Elsewhere, 9,600 leaves have been hand painted onto the ceiling over the course of six weeks to create a huge art work. Inspired by the Central Embassy’s leafy surrounds (it overlooks the British Embassy complex on one side and green treetops on the other) the architects came up with the hand-painted mural as a way of bringing the greenery inside.
“We suggested that the whole of Open House stay under a huge canopy of leaves,” explained the architects. “To achieve this and reduce the impact of the extensive white ceiling, we devised a pattern of leaves that spreads across the whole space.”
Instead of occupying one box-like retail unit, Open House’s bookstore weaves its way throughout the entire Open House space. A tall book shelf has been installed at one end of the space, while a large double-height library wall wraps around the other.

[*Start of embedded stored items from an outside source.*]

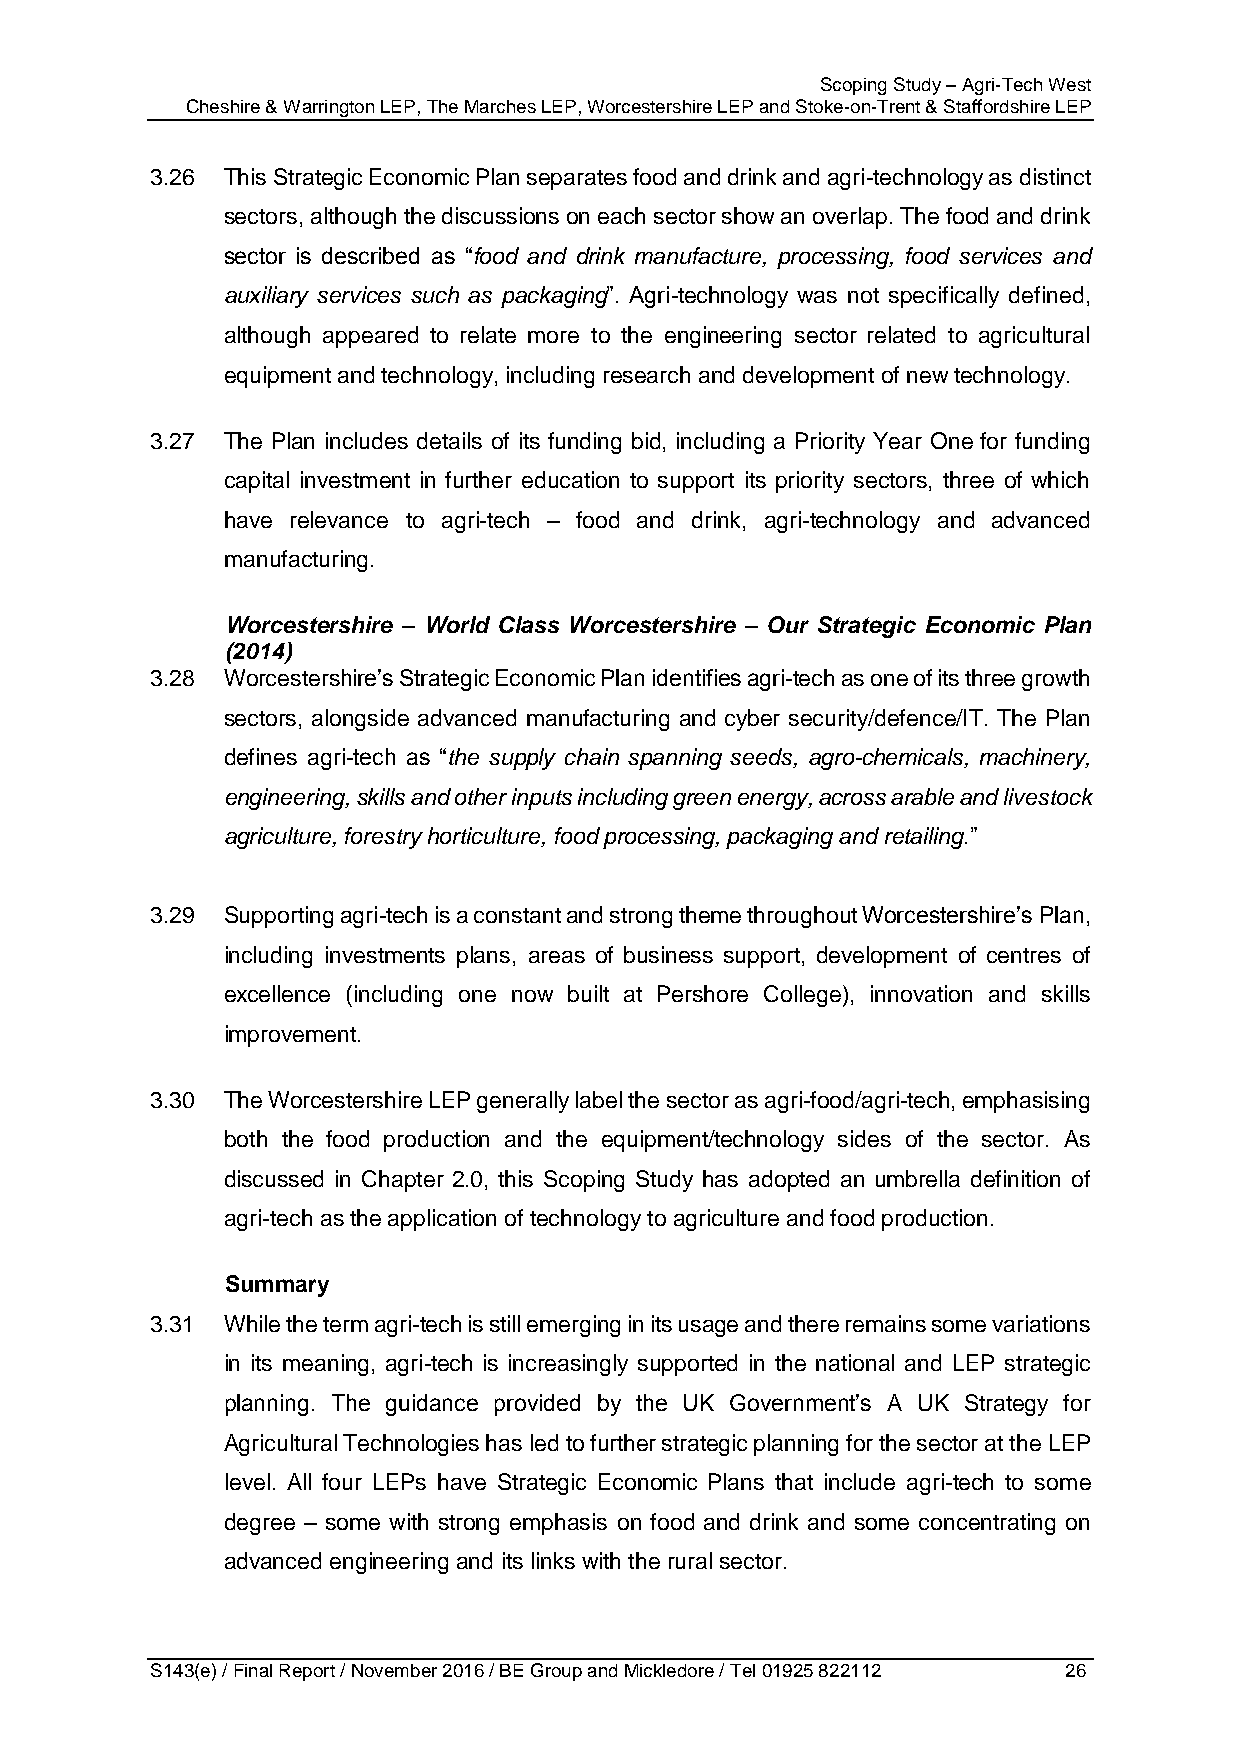
Scoping Study – Agri-Tech West
 Cheshire & Warrington LEP, The Marches LEP, Worcestershire LEP and Stoke-on-Trent & Staffordshire LEP
 3.26 This Strategic Economic Plan separates food and drink and agri-technology as distinct
 sectors, although the discussions on each sector show an overlap. The food and drink
 sector is described as “food and drink manufacture, processing, food services and
 auxiliary services such as packaging”. Agri-technology was not specifically defined,
 although appeared to relate more to the engineering sector related to agricultural
 equipment and technology, including research and development of new technology.
 3.27 The Plan includes details of its funding bid, including a Priority Year One for funding
 capital investment in further education to support its priority sectors, three of which
 have relevance to agri-tech – food and drink, agri-technology and advanced
 manufacturing.
 Worcestershire – World Class Worcestershire – Our Strategic Economic Plan
 (2014)
 3.28 Worcestershire’s Strategic Economic Plan identifies agri-tech as one of its three growth
 sectors, alongside advanced manufacturing and cyber security/defence/IT. The Plan
 defines agri-tech as “the supply chain spanning seeds, agro-chemicals, machinery,
 engineering, skills and other inputs including green energy, across arable and livestock
 agriculture, forestry horticulture, food processing, packaging and retailing.”
 3.29 Supporting agri-tech is a constant and strong theme throughout Worcestershire’s Plan,
 including investments plans, areas of business support, development of centres of
 excellence (including one now built at Pershore College), innovation and skills
 improvement.
 3.30 The Worcestershire LEP generally label the sector as agri-food/agri-tech, emphasising
 both the food production and the equipment/technology sides of the sector. As
 discussed in Chapter 2.0, this Scoping Study has adopted an umbrella definition of
 agri-tech as the application of technology to agriculture and food production.
 Summary
 3.31 While the term agri-tech is still emerging in its usage and there remains some variations
 in its meaning, agri-tech is increasingly supported in the national and LEP strategic
 planning. The guidance provided by the UK Government’s A UK Strategy for
 Agricultural Technologies has led to further strategic planning for the sector at the LEP
 level. All four LEPs have Strategic Economic Plans that include agri-tech to some
 degree – some with strong emphasis on food and drink and some concentrating on
 advanced engineering and its links with the rural sector.
 S143(e) / Final Report / November 2016 / BE Group and Mickledore / Tel 01925 822112 26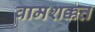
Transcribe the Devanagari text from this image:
वामशक्कत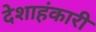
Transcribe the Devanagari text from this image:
देशाहंकारी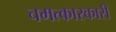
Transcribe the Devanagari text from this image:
चमत्कारकारी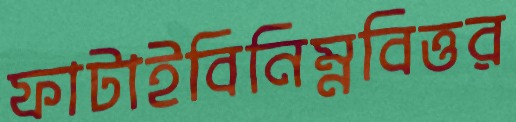
ফাটাইবিনিম্নবিত্তর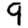
Digit: 9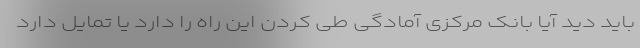
باید دید آیا بانک مرکزی آمادگی طی کردن این راه را دارد یا تمایل دارد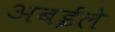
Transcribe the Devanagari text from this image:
अबईले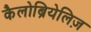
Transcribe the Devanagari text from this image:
कैलोब्रियेलिज़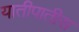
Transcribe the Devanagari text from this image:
यातीपातीस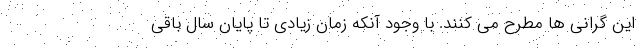
این گرانی ها مطرح می کنند. با وجود آنکه زمان زیادی تا پایان سال باقی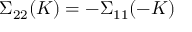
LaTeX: \Sigma _ { 2 2 } ( K ) = - \Sigma _ { 1 1 } ( - K )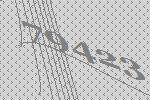
79423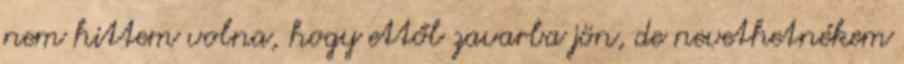
nem hittem volna, hogy ettől zavarba jön, de nevethetnékem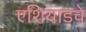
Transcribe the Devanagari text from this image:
एशियाडचे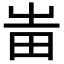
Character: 𤰫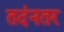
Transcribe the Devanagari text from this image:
तदंनतर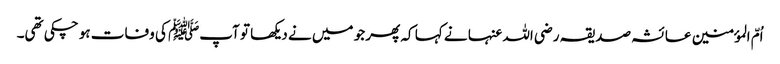
اُمّ المؤمنین عائشہ صدیقہ رضی اللہ عنہا نے کہا کہ پھر جو میں نے دیکھا تو آپﷺ کی وفات ہو چکی تھی۔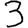
Digit: 3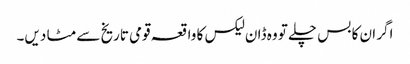
اگر ان کا بس چلے تو وہ ڈان لیکس کا واقعہ قومی تاریخ سے مٹا دیں۔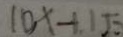
1 0 x - 1 . 1 5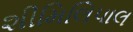
શીમિલિપાલ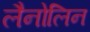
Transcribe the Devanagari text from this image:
लैनोलिन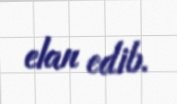
elan edib.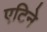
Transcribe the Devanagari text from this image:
एटिने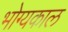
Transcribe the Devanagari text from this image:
भोग्यकाल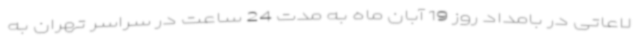
لاعاتی در بامداد روز 19 آبان ماه به مدت 24 ساعت در سراسر تهران به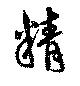
精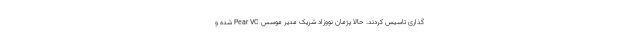
گذاری تاسیس کردند. حالا پژمان نووزاد شریک مدیر موسس Pear VC شده و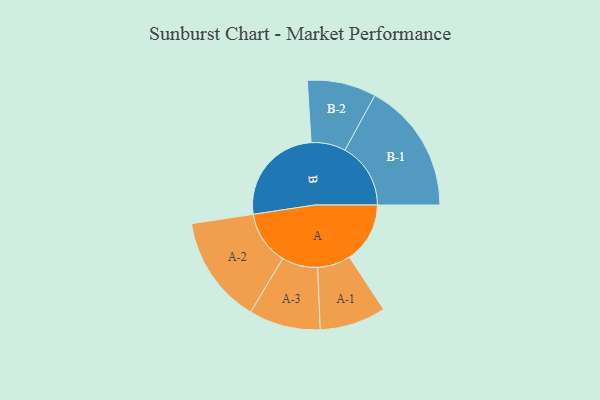
{"axis": {"x": "Segment", "y": "Value"}, "legend": ["", "A", "B"], "data": [{"x": "A", "y": 227, "type": ""}, {"x": "B", "y": 381, "type": ""}, {"x": "A-1", "y": 124, "type": "A"}, {"x": "A-2", "y": 202, "type": "A"}, {"x": "A-3", "y": 134, "type": "A"}, {"x": "B-1", "y": 246, "type": "B"}, {"x": "B-2", "y": 129, "type": "B"}]}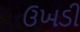
ઉખડી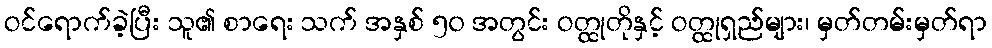
ဝင်ရောက်ခဲ့ပြီး သူ၏ စာရေး သက် အနှစ် ၅၀ အတွင်း ဝတ္ထုတိုနှင့် ဝတ္ထုရှည်များ၊ မှတ်တမ်းမှတ်ရာ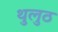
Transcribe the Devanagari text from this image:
थुलुठ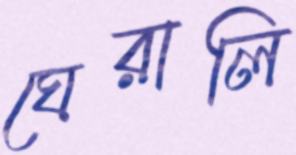
ঘেরালি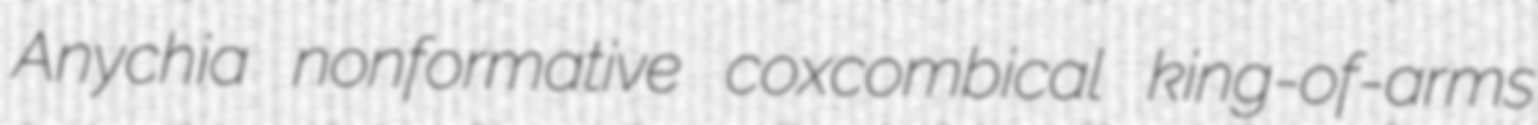
Anychia nonformative coxcombical king-of-arms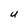
Character: U
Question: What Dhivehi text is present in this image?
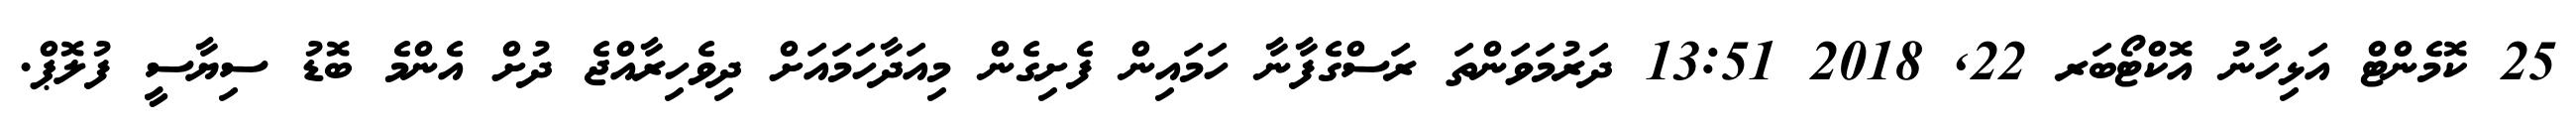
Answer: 25 ކޮމެންޓް އަޅިހާނު އޮކްޓޯބަރ 22, 2018 13:51 ދަރުމަވަންތަ ރަސްގެފާނާ ހަމައިން ފެށިގެން މިއަދާހަމައަށް ދިވެހިރާއްޖެ ދުށް އެންމެ ބޮޑު ސިޔާސީ ފުލޮޕް.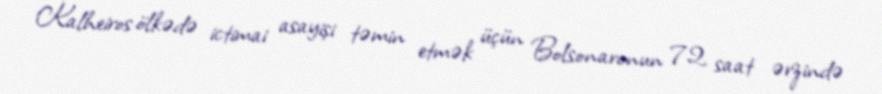
Kalheiros ölkədə ictimai asayişi təmin etmək üçün Bolsonaronun 72 saat ərzində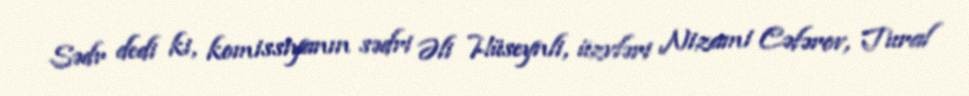
Sədr dedi ki, komissiyanın sədri Əli Hüseynli, üzvləri Nizami Cəfərov, Tural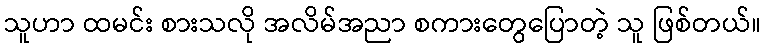
သူဟာ ထမင်း စားသလို အလိမ်အညာ စကားတွေပြောတဲ့ သူ ဖြစ်တယ်။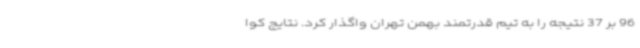
96 بر 37 نتیجه را به تیم قدرتمند بهمن تهران واگذار کرد. نتایج کوا

Smaller book shelves with integrated seating are scattered throughout, blending into the bar and restaurant spaces so people can browse at their leisure.
“In a world dominated by online book sales, highly curated bookstores like this, which focus on Asian art and culture, are becoming increasingly important and popular now that the physical browsing experience is everything,” said the architects.
An “art tower” topped by a tree-lined lookout point is located directly under the building’s main roof light. Inside, a small gallery forms an intimate space for art exhibitions.
On the outside, the tower is equipped with illuminated display shelves for future art exhibitions and installations.
A programme of talks, book signings and culinary workshops has been devised to attract visitors up to the space. For these occasions, a stepped seating area provides space for an audience.
Behind the book wall, a quiet co-working space called the Greenhouse offers a suite of meeting rooms as well as secluded space for working. Here, food and drinks can be ordered from the space’s restaurants and delivered to your desk.
The 35 storey Central Embassy project, designed by Amanda Levete’s studio AL_A fully opened in May 2017.
The aluminium tile-clad tower is set in the former gardens of the British embassy in Bangkok and hosts a luxury shopping centre at podium-level and the five-star Park Hyatt hotel across its upper floors.